Problem statement: Every line of the data below is to be duplicated exactly, pictures excepted.

(Stored records)
=======
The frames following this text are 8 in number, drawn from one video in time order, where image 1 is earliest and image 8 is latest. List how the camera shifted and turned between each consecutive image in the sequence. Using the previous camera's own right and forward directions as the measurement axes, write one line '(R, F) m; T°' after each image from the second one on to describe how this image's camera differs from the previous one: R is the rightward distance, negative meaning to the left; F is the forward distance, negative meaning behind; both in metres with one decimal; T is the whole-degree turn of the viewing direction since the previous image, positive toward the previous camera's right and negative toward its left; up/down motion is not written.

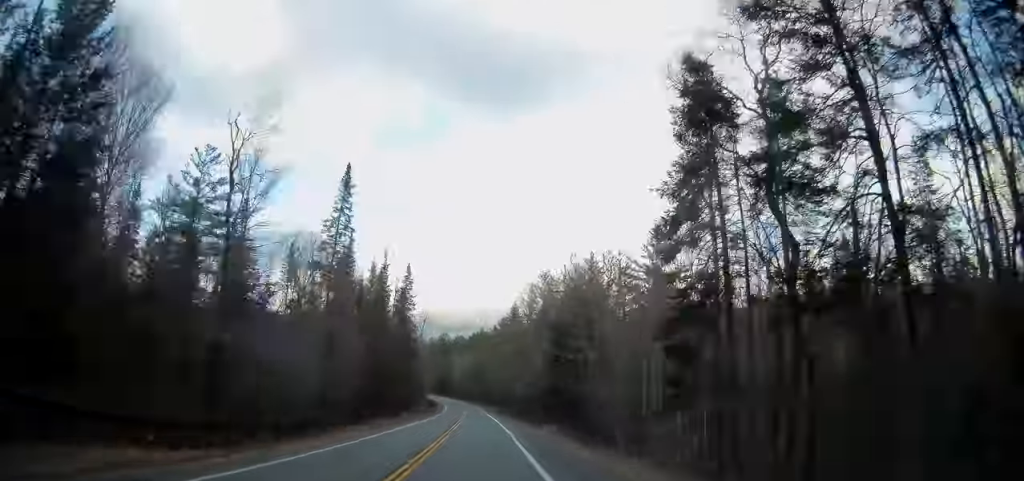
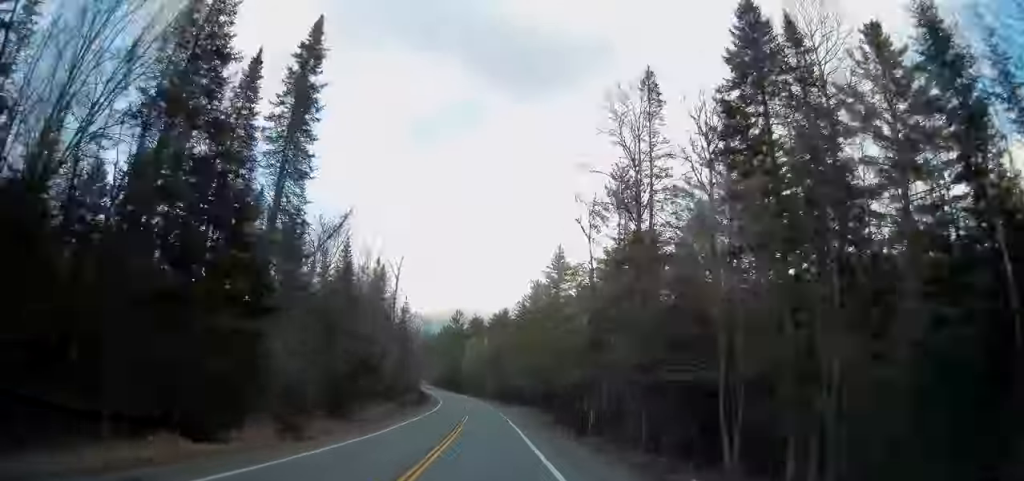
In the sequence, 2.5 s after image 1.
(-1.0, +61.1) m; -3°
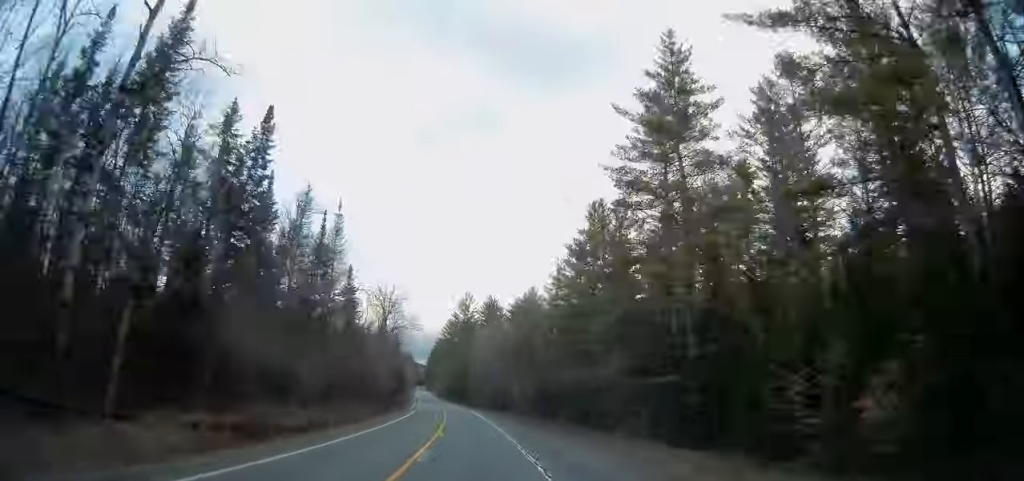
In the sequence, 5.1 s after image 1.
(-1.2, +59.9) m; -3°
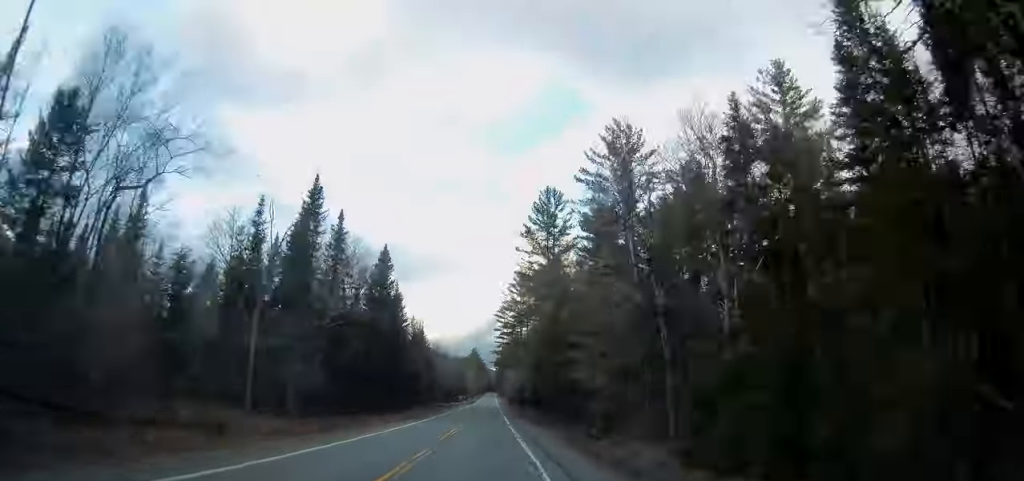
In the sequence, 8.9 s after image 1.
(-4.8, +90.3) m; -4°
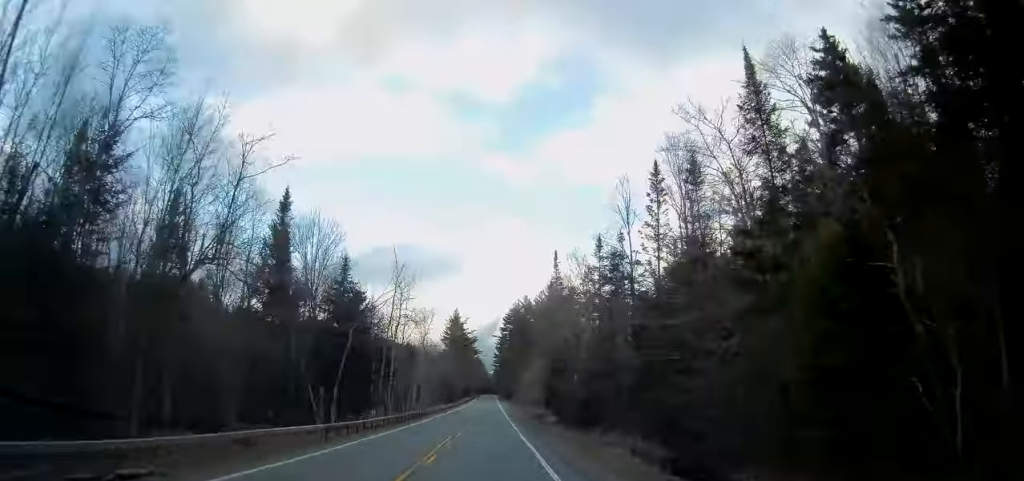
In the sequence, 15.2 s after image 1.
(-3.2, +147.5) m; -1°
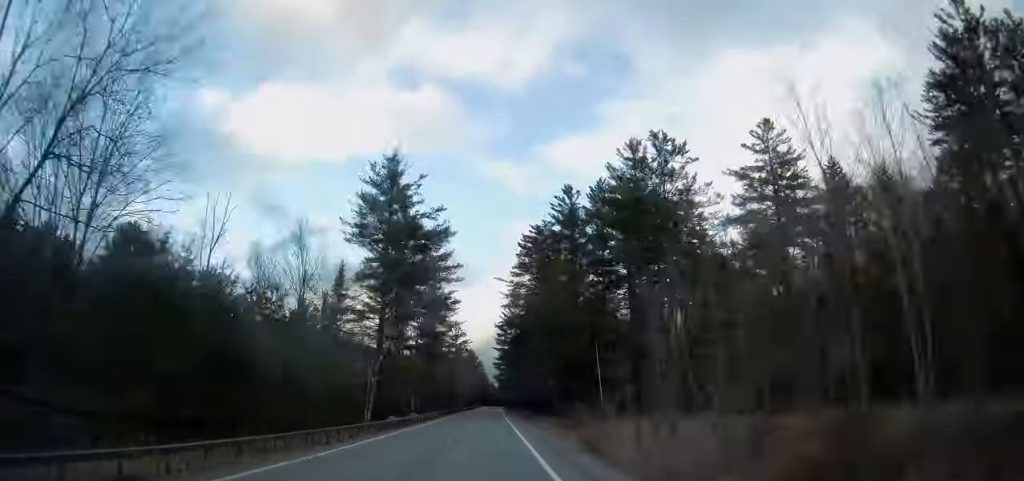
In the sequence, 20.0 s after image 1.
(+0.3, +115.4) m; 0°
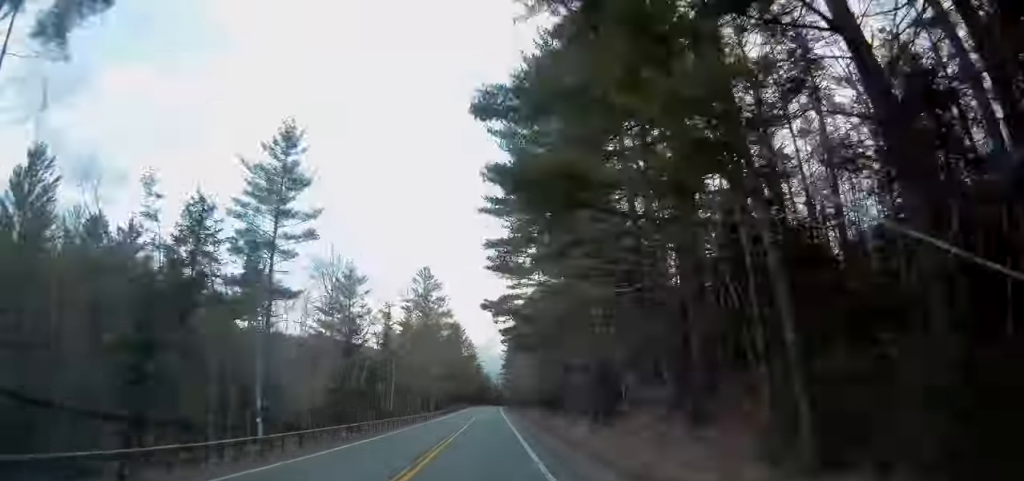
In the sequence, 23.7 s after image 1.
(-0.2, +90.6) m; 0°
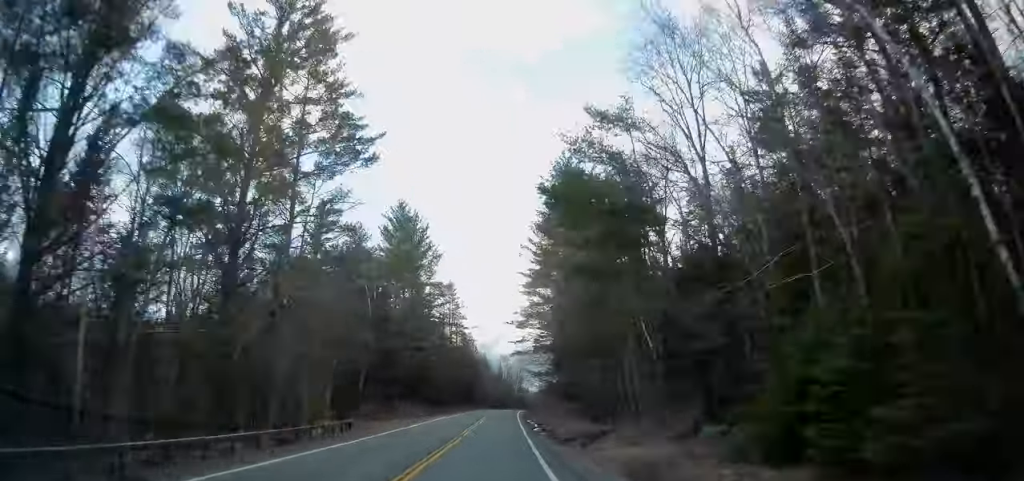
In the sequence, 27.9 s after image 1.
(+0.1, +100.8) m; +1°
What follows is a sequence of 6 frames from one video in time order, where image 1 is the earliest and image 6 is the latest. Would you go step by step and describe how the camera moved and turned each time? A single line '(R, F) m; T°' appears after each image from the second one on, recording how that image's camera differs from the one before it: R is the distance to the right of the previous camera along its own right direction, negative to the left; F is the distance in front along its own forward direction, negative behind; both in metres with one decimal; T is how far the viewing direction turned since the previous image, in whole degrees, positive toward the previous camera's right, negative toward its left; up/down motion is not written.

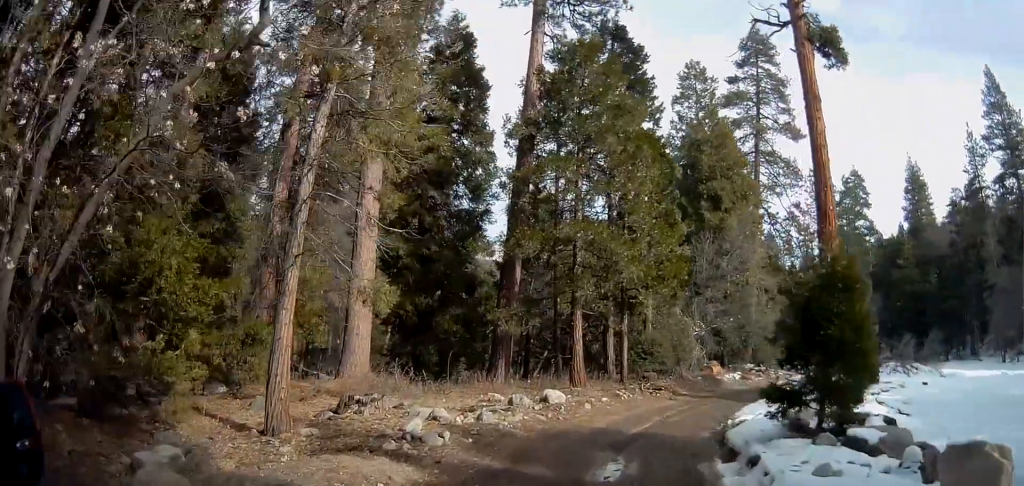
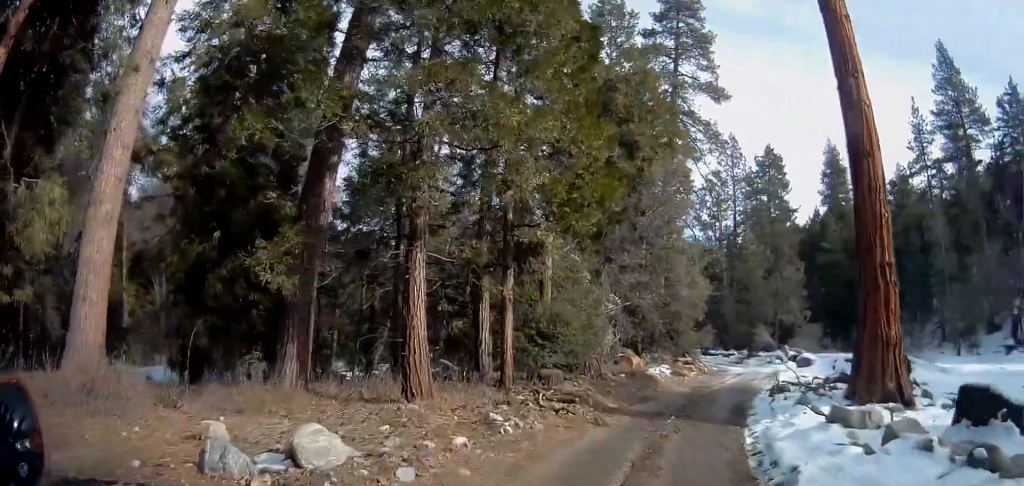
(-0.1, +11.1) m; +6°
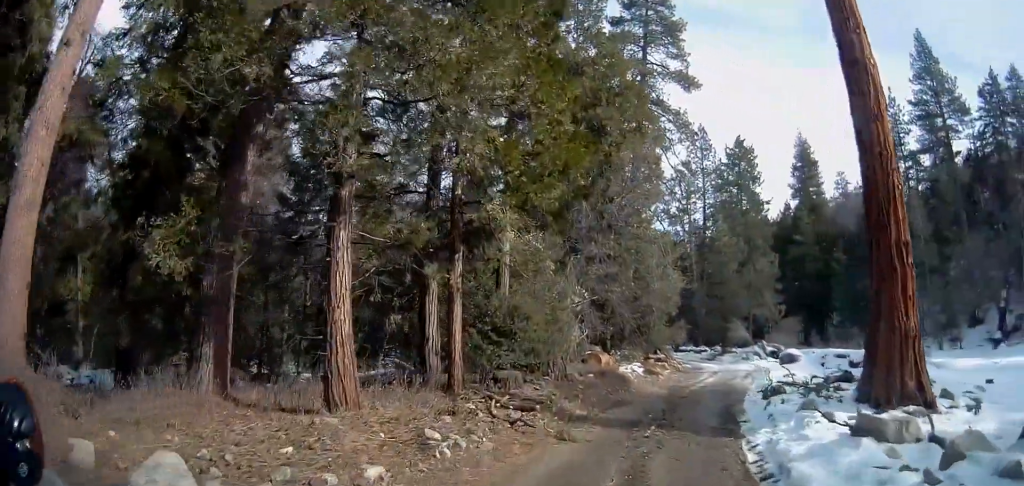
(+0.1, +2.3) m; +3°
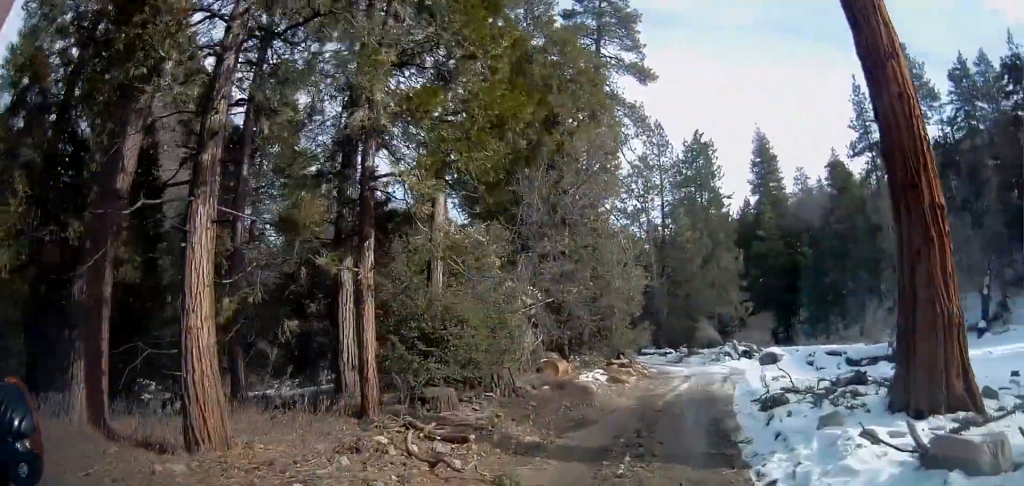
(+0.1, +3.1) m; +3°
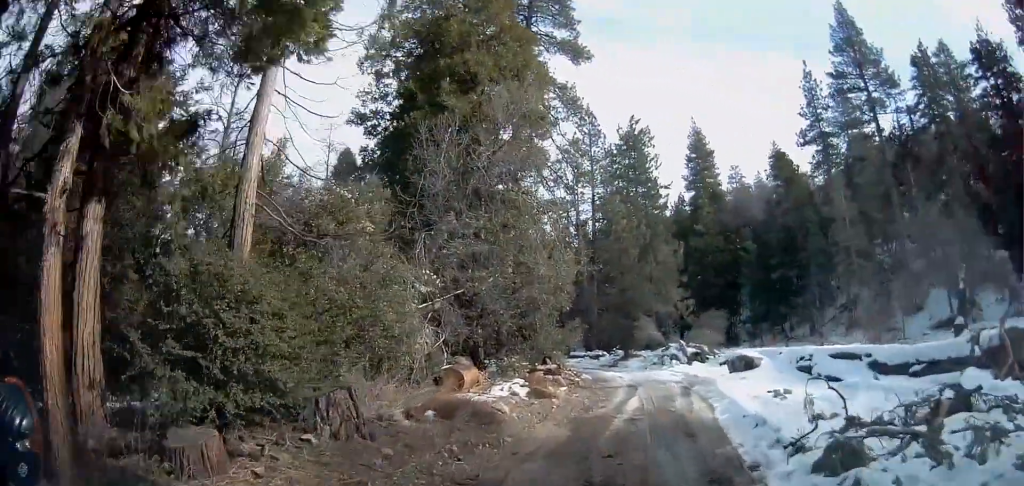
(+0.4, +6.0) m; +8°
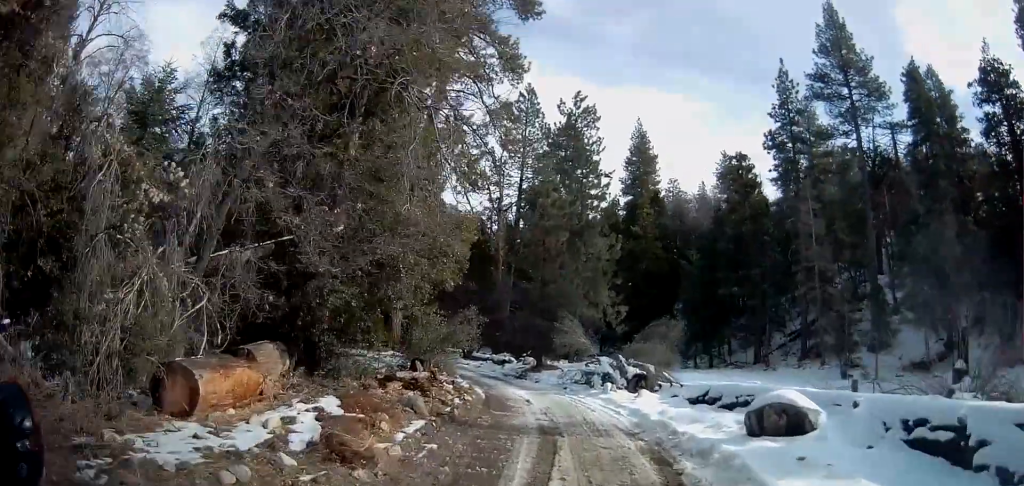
=======
Result for this task:
The frames following this text are 8 in number, drawn from one video in time order, where image 1 is earliest and image 8 is latest. List how the camera shifted and turned between each consecutive image in the sequence. Using the previous camera's own right and forward directions as the measurement axes, write one line '(R, F) m; T°' after each image from the second one on to describe how this image's camera differs from the previous one: R is the rightward distance, negative meaning to the left; F is the forward distance, negative meaning behind; both in metres with one decimal; T is the whole-degree turn of the viewing direction since the previous image, positive toward the previous camera's right and negative toward its left; up/down motion is not written.

In the sequence, 2.5 s after image 1.
(-1.0, +61.1) m; -3°
In the sequence, 5.1 s after image 1.
(-1.2, +59.9) m; -3°
In the sequence, 8.9 s after image 1.
(-4.8, +90.3) m; -4°
In the sequence, 15.2 s after image 1.
(-3.2, +147.5) m; -1°
In the sequence, 20.0 s after image 1.
(+0.3, +115.4) m; 0°
In the sequence, 23.7 s after image 1.
(-0.2, +90.6) m; 0°
In the sequence, 27.9 s after image 1.
(+0.1, +100.8) m; +1°
What follows is a sequence of 6 frames from one video in time order, where image 1 is the earliest and image 6 is the latest. Would you go step by step and describe how the camera moved and turned each time? A single line '(R, F) m; T°' appears after each image from the second one on, recording how that image's camera differs from the one before it: R is the distance to the right of the previous camera along its own right direction, negative to the left; F is the distance in front along its own forward direction, negative behind; both in metres with one decimal; T is how far the viewing direction turned since the previous image, in whole degrees, positive toward the previous camera's right, negative toward its left; up/down motion is not written.

(-0.1, +11.1) m; +6°
(+0.1, +2.3) m; +3°
(+0.1, +3.1) m; +3°
(+0.4, +6.0) m; +8°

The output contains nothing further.